Vindo de palestra em seminário que se repete há alguns anos nos Estados Unidos sobre a economia mundial e os países emergentes, é gratificante perceber o novo papel do Brasil. Pela primeira vez, abria-se uma janela para o País no evento. O contexto não era mais dos Bric, mas sim do que agora chamam de Bic: Brasil, Índia e China, excetuando-se, portanto, a Rússia.

A sensação é de que, enquanto no mundo desenvolvido a maré não está para peixe, há uma enorme demanda lá fora por Brasil, ou seja, por nossos produtos, por nossas oportunidades de investimento, e pelo nosso mercado em ascensão.

Há muita expectativa em relação ao petróleo (pré-sal), e particularmente à capitalização da Petrobrás, que, sozinha, pode atrair algo entre US$ 10 bilhões e US$ 15 bilhões adicionais nos próximos meses, em adição aos vultosos recursos que ingressam atualmente no País.
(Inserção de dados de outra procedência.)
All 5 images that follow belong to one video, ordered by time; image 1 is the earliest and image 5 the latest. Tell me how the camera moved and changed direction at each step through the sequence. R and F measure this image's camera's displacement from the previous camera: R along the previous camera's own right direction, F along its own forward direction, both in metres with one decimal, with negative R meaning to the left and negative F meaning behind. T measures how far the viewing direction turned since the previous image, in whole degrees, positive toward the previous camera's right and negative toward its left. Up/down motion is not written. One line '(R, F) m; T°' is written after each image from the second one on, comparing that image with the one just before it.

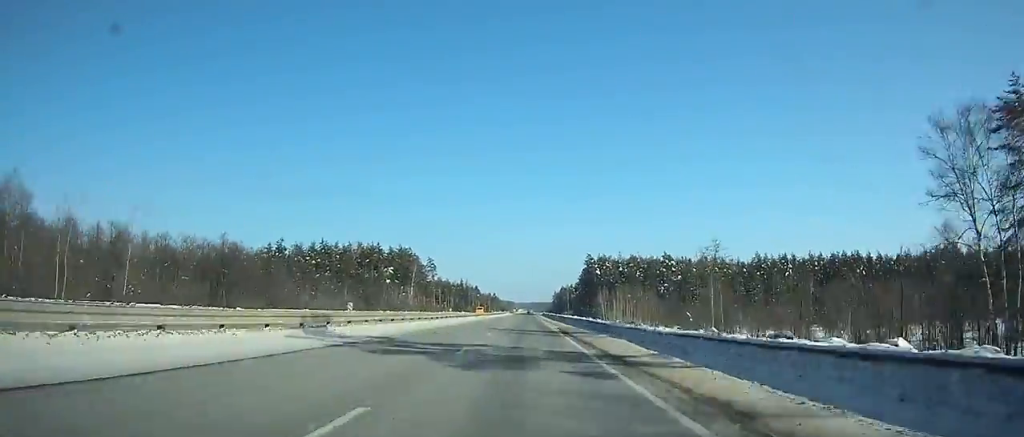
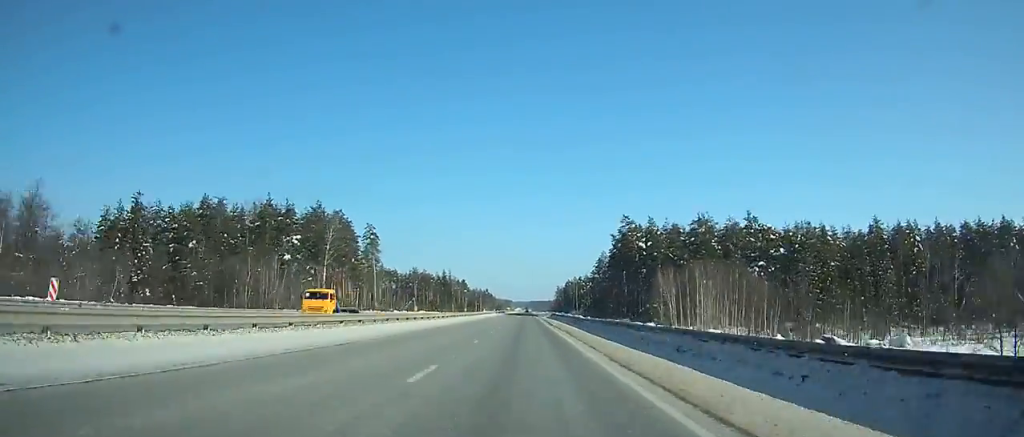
(0.0, +90.9) m; 0°
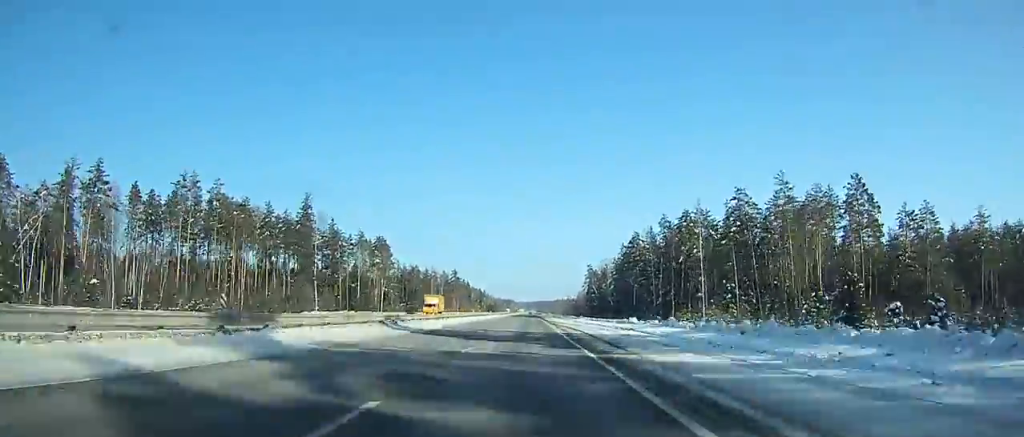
(-0.2, +246.6) m; 0°
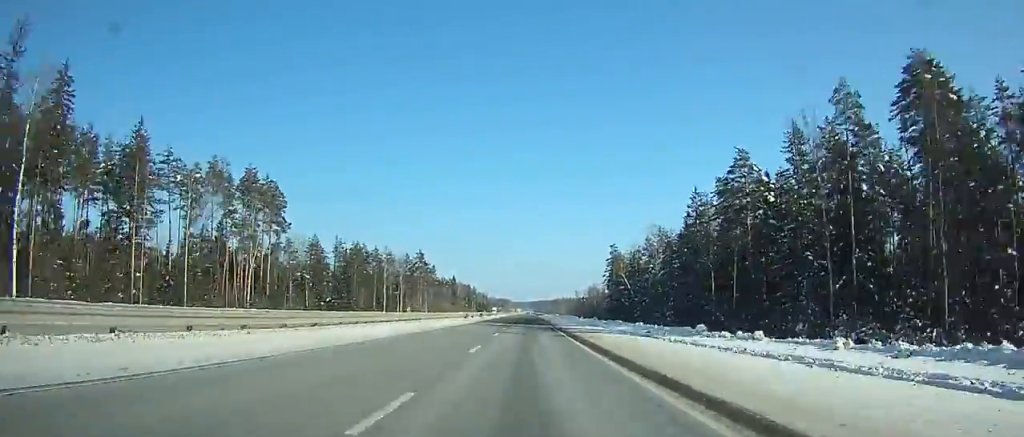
(0.0, +82.2) m; 0°
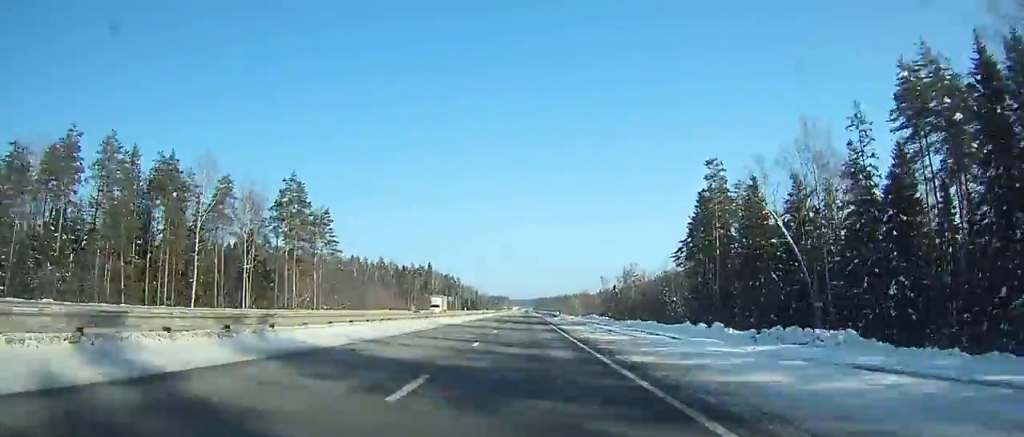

É uma pena que a campanha eleitoral coloque uma cortina embaçada sobre esses e outros temas tão relevantes do debate nacional.

Inquietações. Algumas perguntas, contudo, inquietavam os participantes do seminário: por que no Brasil o setor público gasta tanto em tudo menos investimento, e de forma tão ineficiente? Como a infraestrutura vai suportar essa nova demanda? E por que o Brasil, sendo uma economia ainda emergente, tem de extrair tantos recursos e de forma tão complexa da nossa sociedade?

Obviamente, tudo é parte do mesmo enredo. Sendo o gasto corrente (pessoal, previdência, assistência etc.) alto (além de ineficiente), a carga tributária tem de ser também elevada, para cobrir esses gastos, e os governos têm de se valer de impostos ruins para arrecadar tanto.

De quebra, não há recursos disponíveis para a parcela da infraestrutura que cabe ao governo federal implantar. Ou seja, estamos pegando carona na “licença para gastar” do mundo desenvolvido, mas do jeito errado, e, além disso, inventando receitas de tudo que é jeito, para evitar um ajuste.

Consequência: o PIB cresce menos do que poderia. Em suma, a maré está, sim, boa para nós, mas se não mudarmos certas coisas, uma hora a casa cai.